BoJack then said, "Charlie, listen, you know, I know that it's very hip these days to shit all over Horsin' Around, but at the time, I can tell you I think the show's actually pretty solid for what it is. It's not Ibsen, sure, but look," He cringed as he said, "For a lot of people, life is just one long, hard kick in the gut, and sometimes when you get home from a long day of getting kicked in the urethra, you just want to watch a show about good, likable people who love each other, where, you know," He then sighed in relief, "No matter what happens, at the end of 30 minutes, everything's going to turn out okay."

Charlie replied, "Well, let's talk about real life. What have you been doing since the show's cancellation 18 years ago?"

"Well, that's easy, I've been working with Princess Carolyn, I've been sober for at least 7 years now, and things are good." BoJack said.

"Well, we haven't heard from Sarah Lynn in a while, what has she been up to?" Charlie asks.

"Huh, I haven't spoken to her in 7 years either... Not since," BoJack said, surprised. Then he shuddered, "The BoJack Horseman Show."

BoJack asked himself that and wondered what's going on in Sarah Lynn's life, she was the biggest pop star in the world, but she hasn't done much since 2009. Wonder what she's been up to all these years?


It was another morning in Hollywood as in the house of Sarah Lynn, she was getting ready for another morning.

Sarah Lynn had light brown hair, pale skin, aqua-green eyes, and freckles on her cheeks and nose.

Her hair is worn in a somewhat messy style with her bangs styled over to the left side, she wore red lipstick, had dark circles underneath her eyes, and she had a tattoo on her right arm of a green and blue snake twisted around one another.

She wore a button-down top with blue sleeves and trim, one side being lavender with white skulls, and the other side having a lavender and white striped pattern. She also wore black denim short shorts and yellow high top sneakers. She was about 5'4.

"Morning, sunshine!" A voice said. Sarah Lynn blew a raspberry as she passes the living room.

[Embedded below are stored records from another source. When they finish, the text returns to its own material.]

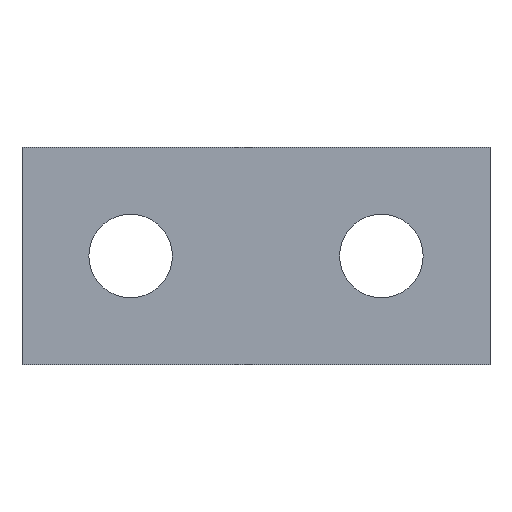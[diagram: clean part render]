
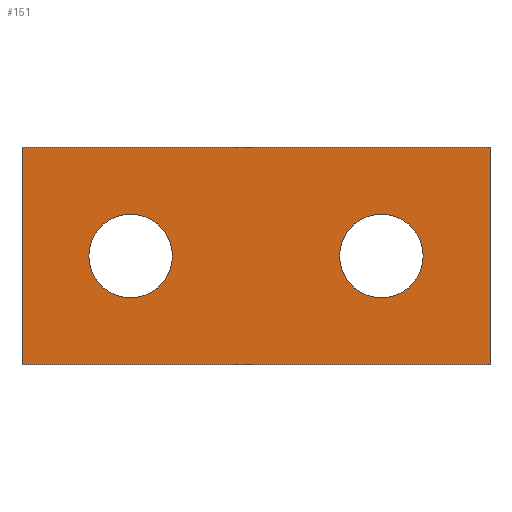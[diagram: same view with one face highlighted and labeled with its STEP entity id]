
A CAD part, front view. The second image highlights one B-rep face of the part: STEP entity #151.
In plain terms, the highlighted planar face has unit normal (0, -1, 0).
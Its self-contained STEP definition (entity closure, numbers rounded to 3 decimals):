
#15=FACE_BOUND('',#40,.T.);
#16=FACE_BOUND('',#41,.T.);
#23=PLANE('',#177);
#31=FACE_OUTER_BOUND('',#39,.T.);
#39=EDGE_LOOP('',(#131,#132,#133,#134));
#40=EDGE_LOOP('',(#135));
#41=EDGE_LOOP('',(#136));
#49=LINE('',#239,#63);
#52=LINE('',#245,#66);
#55=LINE('',#251,#69);
#58=LINE('',#255,#72);
#63=VECTOR('',#199,10.);
#66=VECTOR('',#204,10.);
#69=VECTOR('',#209,10.);
#72=VECTOR('',#214,10.);
#73=CIRCLE('',#168,5.);
#75=CIRCLE('',#171,5.);
#77=VERTEX_POINT('',#221);
#79=VERTEX_POINT('',#227);
#83=VERTEX_POINT('',#236);
#84=VERTEX_POINT('',#238);
#86=VERTEX_POINT('',#244);
#88=VERTEX_POINT('',#250);
#89=EDGE_CURVE('',#77,#77,#73,.T.);
#92=EDGE_CURVE('',#79,#79,#75,.T.);
#97=EDGE_CURVE('',#84,#83,#49,.T.);
#100=EDGE_CURVE('',#86,#84,#52,.T.);
#103=EDGE_CURVE('',#88,#86,#55,.T.);
#106=EDGE_CURVE('',#83,#88,#58,.T.);
#131=ORIENTED_EDGE('',*,*,#106,.T.);
#132=ORIENTED_EDGE('',*,*,#103,.T.);
#133=ORIENTED_EDGE('',*,*,#100,.T.);
#134=ORIENTED_EDGE('',*,*,#97,.T.);
#135=ORIENTED_EDGE('',*,*,#89,.T.);
#136=ORIENTED_EDGE('',*,*,#92,.T.);
#151=ADVANCED_FACE('',(#31,#15,#16),#23,.T.);
#168=AXIS2_PLACEMENT_3D('',#222,#183,#184);
#171=AXIS2_PLACEMENT_3D('',#228,#190,#191);
#177=AXIS2_PLACEMENT_3D('',#256,#215,#216);
#183=DIRECTION('center_axis',(0.,1.,0.));
#184=DIRECTION('ref_axis',(0.,0.,-1.));
#190=DIRECTION('center_axis',(0.,1.,0.));
#191=DIRECTION('ref_axis',(0.,0.,-1.));
#199=DIRECTION('',(0.,0.,-1.));
#204=DIRECTION('',(-1.,0.,0.));
#209=DIRECTION('',(0.,0.,1.));
#214=DIRECTION('',(1.,0.,0.));
#215=DIRECTION('center_axis',(0.,-1.,0.));
#216=DIRECTION('ref_axis',(0.,0.,-1.));
#221=CARTESIAN_POINT('',(-15.,-9.525,5.));
#222=CARTESIAN_POINT('Origin',(-15.,-9.525,0.));
#227=CARTESIAN_POINT('',(15.,-9.525,5.));
#228=CARTESIAN_POINT('Origin',(15.,-9.525,0.));
#236=CARTESIAN_POINT('',(-28.,-9.525,-13.));
#238=CARTESIAN_POINT('',(-28.,-9.525,13.));
#239=CARTESIAN_POINT('',(-28.,-9.525,13.));
#244=CARTESIAN_POINT('',(28.,-9.525,13.));
#245=CARTESIAN_POINT('',(28.,-9.525,13.));
#250=CARTESIAN_POINT('',(28.,-9.525,-13.));
#251=CARTESIAN_POINT('',(28.,-9.525,-13.));
#255=CARTESIAN_POINT('',(-28.,-9.525,-13.));
#256=CARTESIAN_POINT('Origin',(0.,-9.525,0.));

On the couch is a Vietnamese-American woman. She wears thin, square glasses, and has light skin and messy midnight blue hair. She is about 5'3. She was wearing an orange shirt and flannel blue pajama pants and a white bathrobe. She was Diane Nguyen.

"Why so gloomy, roomy?" Diane joked.

"First of all, we're not roomies, you're my house guest." Sarah Lynn said, exhausted.

"You don't need to put a label on things." Diane said, grabbing a bowl of cereal.

"You sleep on my couch, and you don't pay rent. I've had bugs that were less parasitic. I don't even remember why I let you stay with me in the first place." Sarah Lynn scoffs, getting a blender ready.

"Because I gave up on life after all the Bullshit I've put up with, and I had nowhere to go, and even though you don't want anyone to know it..." Diane said, before pausing once Sarah Lynn turns on the blender before Diane has a chance to finish her sentence before turning it off. "You secretly have a good heart."

"You told me they didn't approve of your "alternative lifestyle." I thought you were, like, a troubled drug addict. I didn't realize by "alternative lifestyle" that you meant you were lazy and a quitter." Sarah Lynn said, frustrated as she looked in the cabinet.

"That's on you for making assumptions. Also, if you're looking for the My Little Pony Snacks, I got really high last night and ate them all." Diane said, this made Sarah Lynn growl in frustration. Diane jumped up in fear as she asks, "You said you had bugs?!"

Later at Silver Spoon Diner, Sarah Lynn met up with Pinky Penguin, the Publisher of Penguin Publishing.

Pinky is an adult male emperor penguin who wears a pair of large-framed glasses. Pinky wears a button-down collared light pink button-down collared shirt, dark brown jacket, a brown necktie with white stripes and polka dots, dress pants, and black dress shoes.

"Thanks for meeting me here. I would have invited you to my office, but the electric company shut off our power." Pinky said, voice shaking in nervousness. Sarah Lynn was too busy texting someone.

"That's unfortunate." Sarah Lynn cringed a bit.

"Just an issue with the bank and a lack of money in it. Now, as you know, Penguin is very eager to publish your memoirs, but you keep missing your deadlines." Pinky gulped, nervously.

"I know, and I'm sorry, but I am making great progress." Sarah Lynn said, even though she's lying, in fact, she's been procrastinating.

Pinky groaned, "Look, we really need a bestseller here at Penguin. Things are not that great for me, money-wise."

Humored, Sarah Lynn said, "Aren't you an editor at a major publishing house?"

The Publishing Penguin condescendingly replies, "Yeah, a publishing house. When was the last time you saw a book?"

"I thought I saw someone reading one in the park the other day, but it turned out it was a kid watching Gravity Falls on his tablet." Sarah Lynn said, confused as the waitress arrived with the check. "That girl with the braces does sound familiar, though…"

The Cow Waitress states, "Whenever you're ready."

Pinky clears his throat as he looks at the check, implying that he wants Sarah Lynn to pay the check instead of him. Frustrated, Sarah Lynn groans as she pulls out her wallet.

Pinky pleads, "We're living month to month here. We're kind of counting on your autobiography to save the company, no pressure."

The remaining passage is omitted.